OPC-UA can carry different types of data. The main three are: streaming real time information; transferring archived data from a historian (e.g. if you want to view a graph of a day’s worth of data for a particular temperature sensor); and alarms and conditions (e.g. to display an alarm when the temperature moves out of an acceptable temperature range).

It can work in environments with data disconnections, and can also work over wireless and satellite.

Designed for use in virtually every environment, OPC-UA can be embedded on devices with low power microprocessors and limited memory (eg. like a smart phone processor). In addition, OPC-UA can even be implemented on devices that do not use an operating system.

OPC-UA includes robust modelling capabilities, which means you can fully describe systems (like a valve, production line, or even an entire plant) without losing the context of what the various status and control readings mean.

This can be used to allow OPC-UA clients to acquire complete device data from the OPC-UA servers they connect to, reducing configuration errors and setup time. In contrast, OPC Classic only provided individual reading values with no mechanism to tie them together to identify which points were related the same piece of equipment.

On the topic of security: OPC UA was built from the ground up with security best practices at every step.

“When OPC Classic was developed, awareness of security concerns were not so great compared to what we take for granted in today’s highly inter-connected world,” says Kominek.

“Companies generally thought that the proprietary communications protocols were so complicated no hacker would be able or willing to take the time to figure them out. In addition, most control systems were quite isolated with no link to the internet anyway.
High visibility examples, like STUXNET, removed all doubt that control automation security is a key issue that must be addressed.”

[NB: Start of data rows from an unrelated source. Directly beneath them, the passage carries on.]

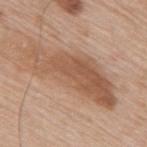notes = no biopsy performed (imaged during a skin exam)
body site = the upper back
acquisition = ~15 mm crop, total-body skin-cancer survey
image-analysis metrics = a footprint of about 32 mm², a shape eccentricity near 0.95, and two-axis asymmetry of about 0.35; a normalized lesion–skin contrast near 7.5; a border-irregularity rating of about 5.5/10, a color-variation rating of about 5.5/10, and a peripheral color-asymmetry measure near 2; a classifier nevus-likeness of about 30/100 and a detector confidence of about 100 out of 100 that the crop contains a lesion
patient = male, aged around 80
lighting = white-light illumination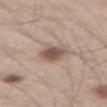Impression: The lesion was tiled from a total-body skin photograph and was not biopsied. Context: A male patient, aged approximately 60. Cropped from a whole-body photographic skin survey; the tile spans about 15 mm. The recorded lesion diameter is about 4 mm. From the right thigh.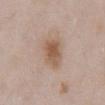Clinical impression: Imaged during a routine full-body skin examination; the lesion was not biopsied and no histopathology is available. Background: From the chest. This is a white-light tile. A roughly 15 mm field-of-view crop from a total-body skin photograph. Automated tile analysis of the lesion measured a footprint of about 9 mm², an outline eccentricity of about 0.75 (0 = round, 1 = elongated), and a shape-asymmetry score of about 0.2 (0 = symmetric). The analysis additionally found a lesion color around L≈56 a*≈17 b*≈29 in CIELAB, roughly 10 lightness units darker than nearby skin, and a lesion-to-skin contrast of about 8 (normalized; higher = more distinct). The lesion's longest dimension is about 4 mm. The subject is a male aged 53–57.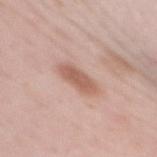– biopsy status · imaged on a skin check; not biopsied
– body site · the mid back
– acquisition · 15 mm crop, total-body photography
– subject · female, aged 38 to 42
– lesion size · about 5 mm
– illumination · white-light illumination
– image-analysis metrics · a footprint of about 6.5 mm², an eccentricity of roughly 0.95, and a symmetry-axis asymmetry near 0.2; a border-irregularity rating of about 3/10, internal color variation of about 2 on a 0–10 scale, and peripheral color asymmetry of about 0.5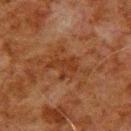notes: imaged on a skin check; not biopsied
tile lighting: cross-polarized illumination
image: ~15 mm tile from a whole-body skin photo
subject: male, aged 78 to 82
anatomic site: the upper back
TBP lesion metrics: a mean CIELAB color near L≈29 a*≈20 b*≈28, roughly 6 lightness units darker than nearby skin, and a lesion-to-skin contrast of about 6 (normalized; higher = more distinct); a border-irregularity index near 9/10, internal color variation of about 2.5 on a 0–10 scale, and a peripheral color-asymmetry measure near 1; an automated nevus-likeness rating near 0 out of 100 and a detector confidence of about 100 out of 100 that the crop contains a lesion
lesion size: ≈4.5 mm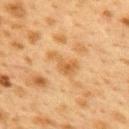Part of a total-body skin-imaging series; this lesion was reviewed on a skin check and was not flagged for biopsy.
On the upper back.
The recorded lesion diameter is about 4 mm.
The patient is a female approximately 40 years of age.
The lesion-visualizer software estimated a mean CIELAB color near L≈51 a*≈18 b*≈38 and about 7 CIELAB-L* units darker than the surrounding skin. It also reported a border-irregularity rating of about 5/10 and internal color variation of about 3.5 on a 0–10 scale. The software also gave a classifier nevus-likeness of about 0/100 and a detector confidence of about 100 out of 100 that the crop contains a lesion.
A 15 mm close-up extracted from a 3D total-body photography capture.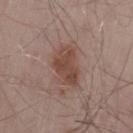follow-up: catalogued during a skin exam; not biopsied
location: the leg
acquisition: ~15 mm tile from a whole-body skin photo
patient: male, about 55 years old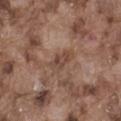Q: Is there a histopathology result?
A: imaged on a skin check; not biopsied
Q: Where on the body is the lesion?
A: the left thigh
Q: Who is the patient?
A: male, approximately 75 years of age
Q: Automated lesion metrics?
A: a mean CIELAB color near L≈44 a*≈18 b*≈26, about 8 CIELAB-L* units darker than the surrounding skin, and a normalized lesion–skin contrast near 6.5; border irregularity of about 3 on a 0–10 scale, a color-variation rating of about 3/10, and peripheral color asymmetry of about 1; a classifier nevus-likeness of about 0/100
Q: What is the imaging modality?
A: ~15 mm crop, total-body skin-cancer survey
Q: How was the tile lit?
A: white-light illumination
Q: What is the lesion's diameter?
A: ~3 mm (longest diameter)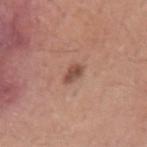workup = imaged on a skin check; not biopsied
acquisition = 15 mm crop, total-body photography
patient = male, aged approximately 30
location = the left upper arm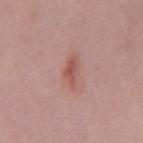biopsy status: imaged on a skin check; not biopsied
patient: male, about 50 years old
lighting: white-light illumination
diameter: ≈3.5 mm
anatomic site: the back
image-analysis metrics: an area of roughly 4 mm², an outline eccentricity of about 0.9 (0 = round, 1 = elongated), and two-axis asymmetry of about 0.45; border irregularity of about 4.5 on a 0–10 scale and internal color variation of about 2.5 on a 0–10 scale; a nevus-likeness score of about 20/100 and a detector confidence of about 100 out of 100 that the crop contains a lesion
image source: 15 mm crop, total-body photography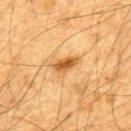On the upper back. Cropped from a total-body skin-imaging series; the visible field is about 15 mm. A male patient aged around 65. The tile uses cross-polarized illumination.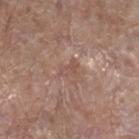No biopsy was performed on this lesion — it was imaged during a full skin examination and was not determined to be concerning.
A male subject aged approximately 45.
The lesion is located on the right lower leg.
Longest diameter approximately 2.5 mm.
Imaged with white-light lighting.
Cropped from a whole-body photographic skin survey; the tile spans about 15 mm.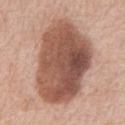Case summary:
• image source — ~15 mm crop, total-body skin-cancer survey
• location — the chest
• subject — male, aged approximately 75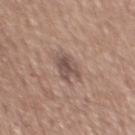* notes · catalogued during a skin exam; not biopsied
* diameter · ~3.5 mm (longest diameter)
* anatomic site · the mid back
* patient · male, in their mid-60s
* lighting · white-light
* image source · 15 mm crop, total-body photography
* automated lesion analysis · a lesion area of about 6.5 mm²; an average lesion color of about L≈51 a*≈16 b*≈22 (CIELAB) and a normalized lesion–skin contrast near 7.5; a border-irregularity index near 3/10, a within-lesion color-variation index near 4/10, and a peripheral color-asymmetry measure near 1.5; a classifier nevus-likeness of about 0/100 and a lesion-detection confidence of about 100/100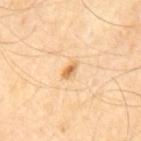Clinical impression:
Captured during whole-body skin photography for melanoma surveillance; the lesion was not biopsied.
Acquisition and patient details:
Approximately 2.5 mm at its widest. A male patient, aged 53 to 57. The lesion is located on the mid back. A 15 mm crop from a total-body photograph taken for skin-cancer surveillance. The total-body-photography lesion software estimated a lesion color around L≈68 a*≈21 b*≈43 in CIELAB and a lesion–skin lightness drop of about 11. This is a cross-polarized tile.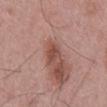This lesion was catalogued during total-body skin photography and was not selected for biopsy. A male subject roughly 55 years of age. From the back. Measured at roughly 2.5 mm in maximum diameter. Captured under white-light illumination. This image is a 15 mm lesion crop taken from a total-body photograph.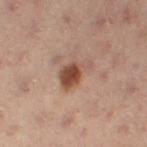| key | value |
|---|---|
| biopsy status | total-body-photography surveillance lesion; no biopsy |
| image | 15 mm crop, total-body photography |
| site | the left leg |
| subject | female, in their mid-50s |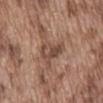Recorded during total-body skin imaging; not selected for excision or biopsy. Imaged with white-light lighting. The subject is a male aged 73 to 77. The lesion is on the abdomen. A roughly 15 mm field-of-view crop from a total-body skin photograph.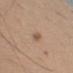Notes:
– workup — catalogued during a skin exam; not biopsied
– patient — male, aged 58–62
– lesion diameter — ≈3 mm
– illumination — white-light illumination
– automated metrics — an eccentricity of roughly 0.95 and a shape-asymmetry score of about 0.4 (0 = symmetric); a classifier nevus-likeness of about 0/100
– location — the right upper arm
– image — 15 mm crop, total-body photography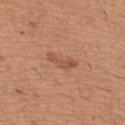This lesion was catalogued during total-body skin photography and was not selected for biopsy.
This image is a 15 mm lesion crop taken from a total-body photograph.
Automated image analysis of the tile measured a lesion-to-skin contrast of about 6 (normalized; higher = more distinct).
Longest diameter approximately 3.5 mm.
The lesion is located on the right upper arm.
The patient is a male roughly 40 years of age.
The tile uses white-light illumination.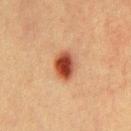Notes:
• biopsy status — total-body-photography surveillance lesion; no biopsy
• tile lighting — cross-polarized illumination
• acquisition — total-body-photography crop, ~15 mm field of view
• size — about 3.5 mm
• subject — male, about 40 years old
• site — the chest

Matrikon builds tools to help equipment vendors embed OPC-UA in their devices. It also designs OPC servers and software for doing the data conversions required by OPC Classic.

Acronyms

UA stands for ‘unified architecture’.

OPC stands for Open Platform Communications”. The explanation of the acronym was changed in 2011.

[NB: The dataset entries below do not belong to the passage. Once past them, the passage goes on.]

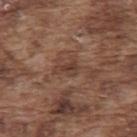Case summary:
– subject — male, approximately 75 years of age
– location — the upper back
– diameter — ≈3 mm
– image — ~15 mm crop, total-body skin-cancer survey
– image-analysis metrics — a lesion color around L≈39 a*≈19 b*≈25 in CIELAB, about 8 CIELAB-L* units darker than the surrounding skin, and a normalized border contrast of about 7; a nevus-likeness score of about 5/100 and a detector confidence of about 90 out of 100 that the crop contains a lesion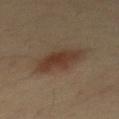follow-up: no biopsy performed (imaged during a skin exam).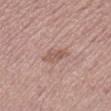No biopsy was performed on this lesion — it was imaged during a full skin examination and was not determined to be concerning. From the right lower leg. The subject is a female aged approximately 40. Imaged with white-light lighting. Longest diameter approximately 2.5 mm. This image is a 15 mm lesion crop taken from a total-body photograph.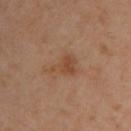The lesion was tiled from a total-body skin photograph and was not biopsied. On the right upper arm. A female patient in their 60s. Captured under cross-polarized illumination. Approximately 3.5 mm at its widest. A 15 mm close-up extracted from a 3D total-body photography capture.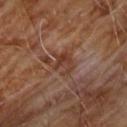<tbp_lesion>
  <biopsy_status>not biopsied; imaged during a skin examination</biopsy_status>
  <automated_metrics>
    <area_mm2_approx>5.5</area_mm2_approx>
    <eccentricity>0.7</eccentricity>
    <shape_asymmetry>0.4</shape_asymmetry>
    <border_irregularity_0_10>6.0</border_irregularity_0_10>
  </automated_metrics>
  <patient>
    <sex>male</sex>
    <age_approx>60</age_approx>
  </patient>
  <lighting>cross-polarized</lighting>
  <image>
    <source>total-body photography crop</source>
    <field_of_view_mm>15</field_of_view_mm>
  </image>
  <site>front of the torso</site>
  <lesion_size>
    <long_diameter_mm_approx>3.5</long_diameter_mm_approx>
  </lesion_size>
</tbp_lesion>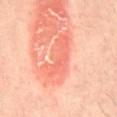No biopsy was performed on this lesion — it was imaged during a full skin examination and was not determined to be concerning. The patient is a male in their 40s. The lesion's longest dimension is about 5.5 mm. This is a cross-polarized tile. The lesion is located on the back. A 15 mm crop from a total-body photograph taken for skin-cancer surveillance.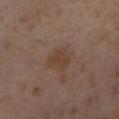Q: Was this lesion biopsied?
A: catalogued during a skin exam; not biopsied
Q: What is the imaging modality?
A: ~15 mm crop, total-body skin-cancer survey
Q: Where on the body is the lesion?
A: the right lower leg
Q: Who is the patient?
A: female, aged 53 to 57
Q: How large is the lesion?
A: ~3 mm (longest diameter)
Q: Automated lesion metrics?
A: a footprint of about 5.5 mm² and a symmetry-axis asymmetry near 0.3; a mean CIELAB color near L≈41 a*≈17 b*≈27, roughly 6 lightness units darker than nearby skin, and a lesion-to-skin contrast of about 6 (normalized; higher = more distinct); a lesion-detection confidence of about 100/100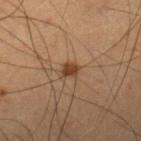Recorded during total-body skin imaging; not selected for excision or biopsy.
Located on the leg.
A region of skin cropped from a whole-body photographic capture, roughly 15 mm wide.
Measured at roughly 2 mm in maximum diameter.
This is a cross-polarized tile.
A male patient, about 65 years old.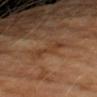Clinical impression:
The lesion was photographed on a routine skin check and not biopsied; there is no pathology result.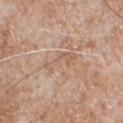{"biopsy_status": "not biopsied; imaged during a skin examination", "patient": {"sex": "male", "age_approx": 65}, "lighting": "white-light", "lesion_size": {"long_diameter_mm_approx": 4.5}, "site": "chest", "image": {"source": "total-body photography crop", "field_of_view_mm": 15}}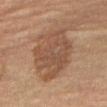<record>
<biopsy_status>not biopsied; imaged during a skin examination</biopsy_status>
<automated_metrics>
  <area_mm2_approx>27.0</area_mm2_approx>
  <shape_asymmetry>0.25</shape_asymmetry>
  <cielab_L>48</cielab_L>
  <cielab_a>18</cielab_a>
  <cielab_b>29</cielab_b>
  <vs_skin_darker_L>9.0</vs_skin_darker_L>
  <vs_skin_contrast_norm>6.5</vs_skin_contrast_norm>
</automated_metrics>
<lesion_size>
  <long_diameter_mm_approx>6.5</long_diameter_mm_approx>
</lesion_size>
<image>
  <source>total-body photography crop</source>
  <field_of_view_mm>15</field_of_view_mm>
</image>
<site>right thigh</site>
<patient>
  <sex>female</sex>
  <age_approx>70</age_approx>
</patient>
</record>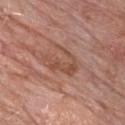This lesion was catalogued during total-body skin photography and was not selected for biopsy.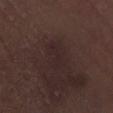The total-body-photography lesion software estimated a lesion area of about 5.5 mm² and an eccentricity of roughly 0.9. The software also gave border irregularity of about 5 on a 0–10 scale, a within-lesion color-variation index near 1/10, and a peripheral color-asymmetry measure near 0.5. The analysis additionally found an automated nevus-likeness rating near 0 out of 100 and a detector confidence of about 85 out of 100 that the crop contains a lesion.
Cropped from a total-body skin-imaging series; the visible field is about 15 mm.
A male subject, aged 68–72.
From the left lower leg.
This is a white-light tile.
Approximately 3.5 mm at its widest.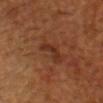Assessment: The lesion was photographed on a routine skin check and not biopsied; there is no pathology result. Clinical summary: Cropped from a total-body skin-imaging series; the visible field is about 15 mm. From the head or neck. Automated image analysis of the tile measured a lesion area of about 4 mm², a shape eccentricity near 0.9, and two-axis asymmetry of about 0.5. And it measured an average lesion color of about L≈29 a*≈21 b*≈28 (CIELAB). And it measured border irregularity of about 5.5 on a 0–10 scale, a within-lesion color-variation index near 0.5/10, and radial color variation of about 0. It also reported a nevus-likeness score of about 0/100. The recorded lesion diameter is about 3 mm. The subject is a male aged 53–57. Captured under cross-polarized illumination.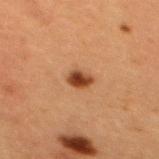No biopsy was performed on this lesion — it was imaged during a full skin examination and was not determined to be concerning.
The patient is a female roughly 40 years of age.
About 2.5 mm across.
The lesion is on the mid back.
A region of skin cropped from a whole-body photographic capture, roughly 15 mm wide.
Imaged with cross-polarized lighting.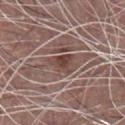The lesion was tiled from a total-body skin photograph and was not biopsied. A male patient, aged 68 to 72. About 3 mm across. The lesion is on the chest. The lesion-visualizer software estimated a lesion area of about 4.5 mm². And it measured an average lesion color of about L≈42 a*≈19 b*≈22 (CIELAB) and about 9 CIELAB-L* units darker than the surrounding skin. The analysis additionally found a border-irregularity index near 4.5/10, a within-lesion color-variation index near 2.5/10, and peripheral color asymmetry of about 0.5. The analysis additionally found lesion-presence confidence of about 75/100. The tile uses white-light illumination. A region of skin cropped from a whole-body photographic capture, roughly 15 mm wide.

Previously OPC stood for “OLE for Process Control”. OLE stands for “Object Linking and Embedding.” The OPC standard was originally developed in 1996.

The MDIS group

The OPC-UA standard form the OPC Foundation, has been adopted to serve as the communications backbone for a standard being developed by a group of companies under the name “MDIS,” which stands for MCS DCS Interface Standardization.

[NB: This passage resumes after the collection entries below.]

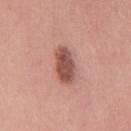Imaged during a routine full-body skin examination; the lesion was not biopsied and no histopathology is available.
This is a white-light tile.
The subject is a male about 40 years old.
Automated tile analysis of the lesion measured a mean CIELAB color near L≈52 a*≈24 b*≈26 and about 15 CIELAB-L* units darker than the surrounding skin. The software also gave a color-variation rating of about 3.5/10 and radial color variation of about 1. And it measured a classifier nevus-likeness of about 90/100 and lesion-presence confidence of about 100/100.
On the back.
Measured at roughly 4.5 mm in maximum diameter.
Cropped from a total-body skin-imaging series; the visible field is about 15 mm.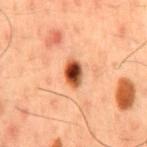Assessment: Captured during whole-body skin photography for melanoma surveillance; the lesion was not biopsied. Acquisition and patient details: The lesion-visualizer software estimated an area of roughly 5.5 mm² and an outline eccentricity of about 0.8 (0 = round, 1 = elongated). The software also gave a mean CIELAB color near L≈38 a*≈24 b*≈31, a lesion–skin lightness drop of about 18, and a lesion-to-skin contrast of about 13.5 (normalized; higher = more distinct). And it measured a border-irregularity index near 1.5/10 and radial color variation of about 2.5. It also reported a classifier nevus-likeness of about 100/100. The patient is a male about 50 years old. A close-up tile cropped from a whole-body skin photograph, about 15 mm across. Approximately 3.5 mm at its widest. Located on the chest. This is a cross-polarized tile.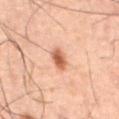Recorded during total-body skin imaging; not selected for excision or biopsy. A roughly 15 mm field-of-view crop from a total-body skin photograph. This is a cross-polarized tile. Longest diameter approximately 2.5 mm. A male patient roughly 60 years of age. Located on the abdomen.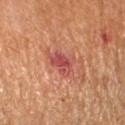Captured during whole-body skin photography for melanoma surveillance; the lesion was not biopsied.
Automated image analysis of the tile measured an eccentricity of roughly 0.65 and two-axis asymmetry of about 0.4. It also reported a lesion color around L≈49 a*≈31 b*≈27 in CIELAB, about 9 CIELAB-L* units darker than the surrounding skin, and a lesion-to-skin contrast of about 8 (normalized; higher = more distinct). And it measured a color-variation rating of about 5/10. The analysis additionally found an automated nevus-likeness rating near 5 out of 100 and lesion-presence confidence of about 100/100.
A 15 mm close-up tile from a total-body photography series done for melanoma screening.
Captured under cross-polarized illumination.
On the left arm.
A female patient aged approximately 65.
Longest diameter approximately 3.5 mm.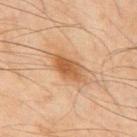Captured during whole-body skin photography for melanoma surveillance; the lesion was not biopsied.
Automated tile analysis of the lesion measured a mean CIELAB color near L≈47 a*≈18 b*≈32 and a normalized border contrast of about 8. The analysis additionally found an automated nevus-likeness rating near 90 out of 100 and a lesion-detection confidence of about 100/100.
The patient is a male in their mid-40s.
This image is a 15 mm lesion crop taken from a total-body photograph.
Approximately 5 mm at its widest.
On the mid back.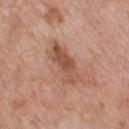This lesion was catalogued during total-body skin photography and was not selected for biopsy. The lesion is on the chest. The subject is a male aged around 60. Cropped from a total-body skin-imaging series; the visible field is about 15 mm.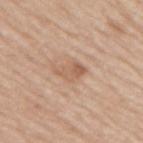Q: Was this lesion biopsied?
A: catalogued during a skin exam; not biopsied
Q: Lesion location?
A: the upper back
Q: How large is the lesion?
A: ~3.5 mm (longest diameter)
Q: What is the imaging modality?
A: ~15 mm crop, total-body skin-cancer survey
Q: Illumination type?
A: white-light
Q: What are the patient's age and sex?
A: male, aged approximately 65
Q: Automated lesion metrics?
A: an automated nevus-likeness rating near 10 out of 100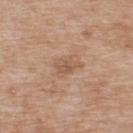<record>
  <image>
    <source>total-body photography crop</source>
    <field_of_view_mm>15</field_of_view_mm>
  </image>
  <lesion_size>
    <long_diameter_mm_approx>3.0</long_diameter_mm_approx>
  </lesion_size>
  <patient>
    <sex>male</sex>
    <age_approx>50</age_approx>
  </patient>
  <site>upper back</site>
  <lighting>white-light</lighting>
</record>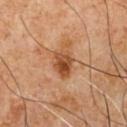Part of a total-body skin-imaging series; this lesion was reviewed on a skin check and was not flagged for biopsy. From the chest. This image is a 15 mm lesion crop taken from a total-body photograph. The lesion's longest dimension is about 3 mm. A male subject approximately 60 years of age.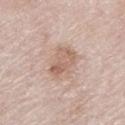biopsy_status: not biopsied; imaged during a skin examination
lesion_size:
  long_diameter_mm_approx: 4.0
automated_metrics:
  area_mm2_approx: 8.5
  eccentricity: 0.8
  shape_asymmetry: 0.3
  cielab_L: 62
  cielab_a: 18
  cielab_b: 27
  vs_skin_darker_L: 9.0
  vs_skin_contrast_norm: 6.5
  color_variation_0_10: 5.0
  peripheral_color_asymmetry: 1.5
  nevus_likeness_0_100: 10
  lesion_detection_confidence_0_100: 100
lighting: white-light
patient:
  sex: male
  age_approx: 80
image:
  source: total-body photography crop
  field_of_view_mm: 15
site: left lower leg

Companies involved include ABB, Aker Solutions, BP, Cameron, Chevron, ConocoPhillips, Dril-Quip, Emerson, ENGlobal, ExxonMobil, FMC Technologies, GE Oil and Gas, Honeywell, Invensys, WoodGroup Kenny, Kongsberg, Petrobras, Proserv, Rockwell Automation, Shell, Siemens, Statoil, Total, W-Industries, Woodside and Yokogawa.

The group is managed by OTM Consulting, part of technology company Sagentia. For more information, visit http://www.mdis-network.com

It has a number of different groups, including some identifying what are the best objects to manage, and other groups “validating” the standard (checking that everything works).

Interconnectivity with OPC Classic

OPC-UA standard was designed to maximize interconnectivity, while retaining compatibility with the previous generation of OPC (OPC Classic).

For example, if you have a user interface (known in the jargon as a HMI or Human Machine Interface) that is based on classic OPC connectivity, it is still possible for it to acquire data from new OPC-UA sources by using an OPC-UA Proxy (an application that translates between OPC-UA servers and classic OPC clients).

Today, the majority of OPC installations are still based on classic OPC and will continue to do so because once it is installed, automation equipment typically runs for a decade or more before being upgraded.

“One of the smart things that OPC Foundation did was to ensure that its existing classic OPC install base was not left behind in favour of the new UA standard. This allowed companies to preserve the investments they made in classic OPC infrastructure while being able to gradually migrate to OPC-UA, ” says Kominek.

Original article appeared in May 19, 2014 issue of Digital Energy Journal.